IIRC, you upgraded to marshmallow 3 in version 2.2, right?
However, I just tried to build the RPM for 2.2 via distutils (after adding requirements.txt to MANIFEST.in), but it failed [*].
So:

are we OK working with 2.1.7 or should we upgrade that?
if we must upgrade to 2.2, how should it be done?

[*]

 $ python setup.py bdist_rpm

... 
... 

+ python setup.py build
/usr/lib64/python2.7/distutils/dist.py:267: UserWarning: Unknown distribution option: 'long_description_content_type'
  warnings.warn(msg)
/tmp/indico/venv/lib/python2.7/site-packages/setuptools/dist.py:331: UserWarning: Normalizing '2.2-dev' to '2.2.dev0'
  normalized_version,
running build
compiling catalog indico/translations/en_GB/LC_MESSAGES/messages.po to indico/translations/en_GB/LC_MESSAGES/messages.mo
error: indico/translations/es_ES/LC_MESSAGES/messages.po:2640: placeholders are incompatible
error: indico/translations/es_ES/LC_MESSAGES/messages.po:2648: placeholders are incompatible
compiling catalog indico/translations/es_ES/LC_MESSAGES/messages.po to indico/translations/es_ES/LC_MESSAGES/messages.mo
compiling catalog indico/translations/fr_FR/LC_MESSAGES/messages.po to indico/translations/fr_FR/LC_MESSAGES/messages.mo
compiling catalog indico/translations/pt_BR/LC_MESSAGES/messages.po to indico/translations/pt_BR/LC_MESSAGES/messages.mo
2 errors encountered.
error: No such file or directory
error: Bad exit status from /tmp/indico/venv/indico/build/bdist.linux-x86_64/rpm/TMP/rpm-tmp.CG3yWO (%build)


RPM build errors:
    Bad exit status from /tmp/indico/venv/indico/build/bdist.linux-x86_64/rpm/TMP/rpm-tmp.CG3yWO (%build)
error: command 'rpmbuild' failed with exit status 1

jcaballe · July 17, 2019, 11:23pm

replying to myself… I forgot you don’t install with RPMs, but with pip.
So I found some recipe in my email inbox, and tried it. First I had to install npm and npx.

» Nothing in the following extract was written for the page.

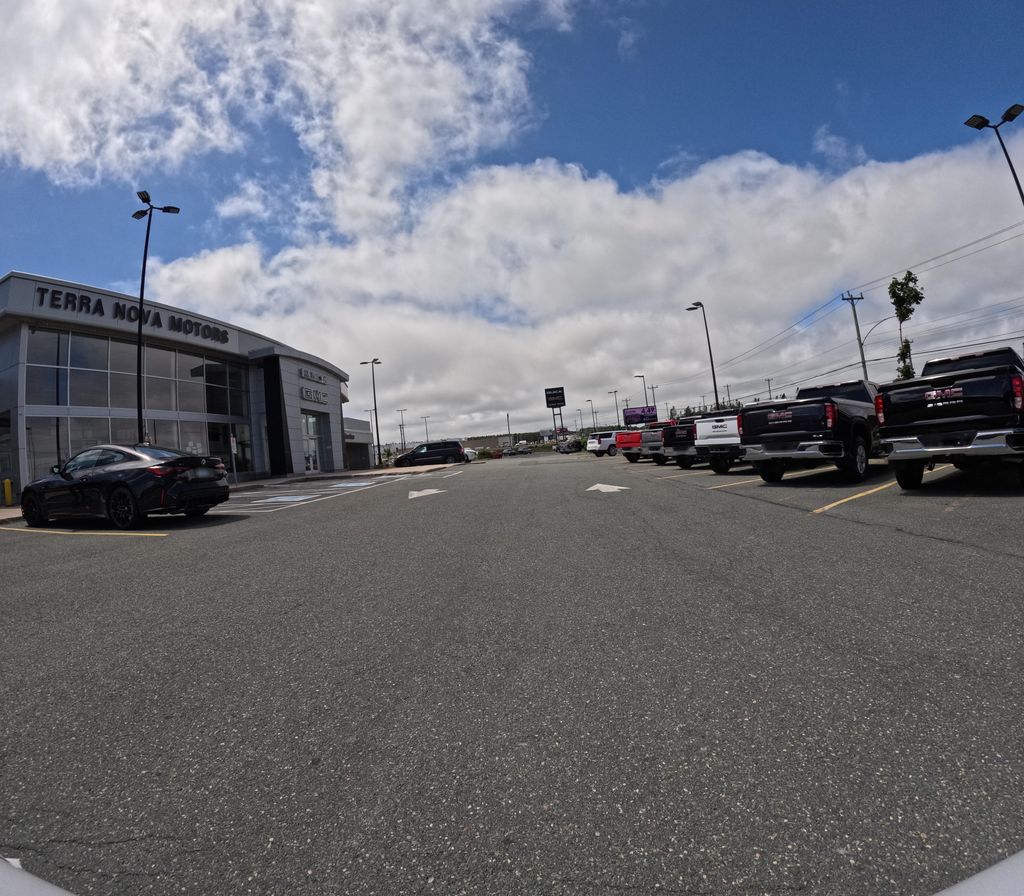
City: st_johns

    $ git clone https://github.com/indico/indico
    $ cd indico
    $ pip install -e .
    $ npm install
    $ pip install -r requirements.dev.txt
    $ mkdir dist
    $ python bin/maintenance/build-wheel.py --target-dir=./dist indico

    building assets
    Error: building assets failed
    Object.entries is not a function
    Error: running webpack failed

I keep investigating…

ThiefMaster · July 17, 2019, 11:25pm

outdated nodejs; get something recent like node 10 and it’ll work

ThiefMaster · August 8, 2019, 8:39am

Now that we released 2.2, please make sure to use the the 2.2-maintenance branch of Indico and not master anymore.

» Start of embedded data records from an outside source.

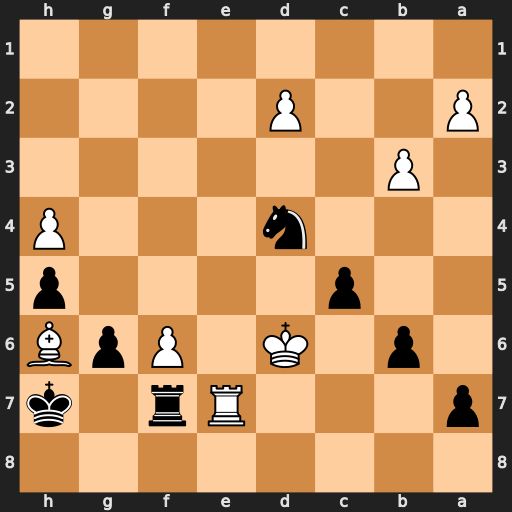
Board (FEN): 8/p3Rr1k/1p1K1PpB/2p4p/3n3P/1P6/P2P4/8
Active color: b
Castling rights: -
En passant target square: -
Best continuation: Nf5+ Ke6 Rxe7+ fxe7 Kxh6

pferreir · August 12, 2019, 2:21pm

Using something like nvm would be a good choice, since you can easily change versions regardless of your distro.

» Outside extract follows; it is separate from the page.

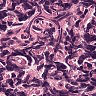
Metastatic tissue present: no
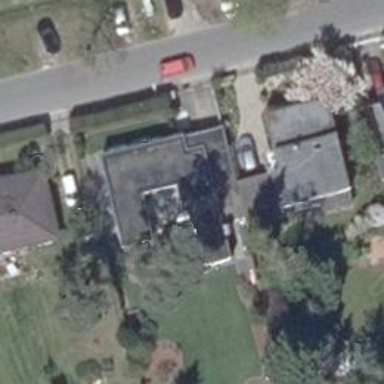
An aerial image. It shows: Semidetached house with flat roof.

jcaballe · August 12, 2019, 7:43pm

Hi,

just for curiosity, I gave it a try to deploy the CERN Search via the docker container. Command “docker-compose up” is failing with this error message:

ERROR: Service 'cern-search-api' failed to build: Error: image webservices/cern-search/cern-search-rest-api/cern-search-rest-api-base:cfe1fe3d1aba819d240acbb6a7bfe79678f82ee5 not found

Is the URL wrong? Or maybe it is a private repo and I need to be added somehow?